The matrix is $A \ =\begin{pmatrix} 7 & 1 & 3 & -2\\ -2 & 1 & -12 & -1 \\ 1 & 16 & -4 & a \\ 2 & 4 & 2 & 2 \\ \end{pmatrix}$
Where $\det(A)\lt 2012$
I have tried reducing the first columns to 0's to reduce it to a $3\times3$ determinant. When I do that it gets messy fast.
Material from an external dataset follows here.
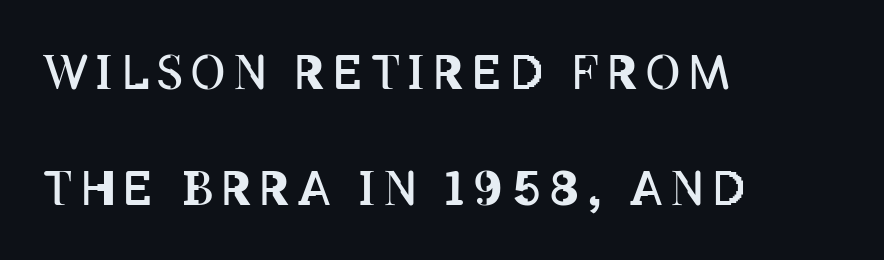
{"italic": "no", "bold": "no", "weight": "regular", "width": "condensed", "stroke_contrast": "low", "x_height": "large", "monospaced": "no", "underline": "no", "align": "left", "line_spacing": "loose", "line_spacing_ratio": 2.46, "glyph_px": 47}
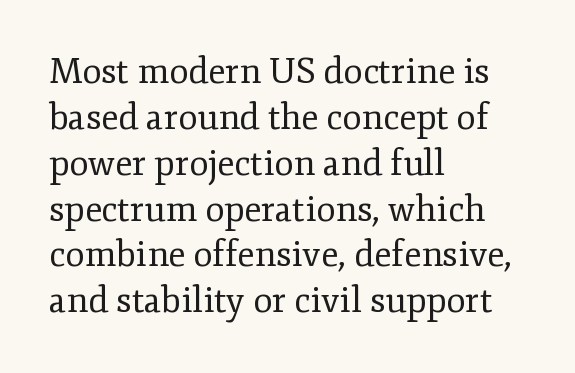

Is there a special method to solve this problem?
On
$A \ =\begin{pmatrix} 7 & 1 & 3 & -2\\ -2 & 1 & -12 & -1 \\ 1 & 16 & -4 & a \\ 2 & 4 & 2 & 2 \\ \end{pmatrix}\cong \begin{pmatrix} 13 & 1 & 5 & -5\\ -5 & 1 & -25 & -3 \\ -14 & 16 & -24 & 2a-16 \\ 0 & 4 & 0 & 0 \\ \end{pmatrix}$
S0, you would get $\det(A)=-4\det\begin{pmatrix} 13 & 5 & -5\\ -5 & -25 & -3 \\ -14 & -24 & 2a-16 \\ \end{pmatrix}$
Can you finish this and fill the gaps?
On
You can simplify this matrix and make the determinant less tedious by performing row operations and introducing some zeros:
$R_4 \rightarrow R_1 + R_4 $
$ R_1 \rightarrow R_1 -2R_2$
The above two operations gives the following matrix:
$$ \begin{pmatrix} 11 & -1 & 27 & 0 \\ -2 & 1 & -12 & -1\\ 1 & 16 & -4 & a\\ 9 & 5 & 5 & 0 \end{pmatrix}$$
$$ -1 \det\begin{bmatrix} 11 & -1 & 27\\ 1 & 16 & -4\\ 9 & 5 & 5 \end{bmatrix} - a \det\begin{bmatrix} 11 & -1 & 27\\ -2 & 1 & -12\\ 9 & 5 & 5 \end{bmatrix} $$
After computing, you get the following:
$$2612-300a < 2012$$
$$ a > 2$$
when $a = 2$, $\det A = 2012$
Not sure if there is any special trick, but you can kill off the $(1,4)$-th and $(4,4)$-th elements of $A$ easily using the second row. This leaves you two $3\times3$ determinants to compute, if you Laplace-expand $\det A$ along the last column.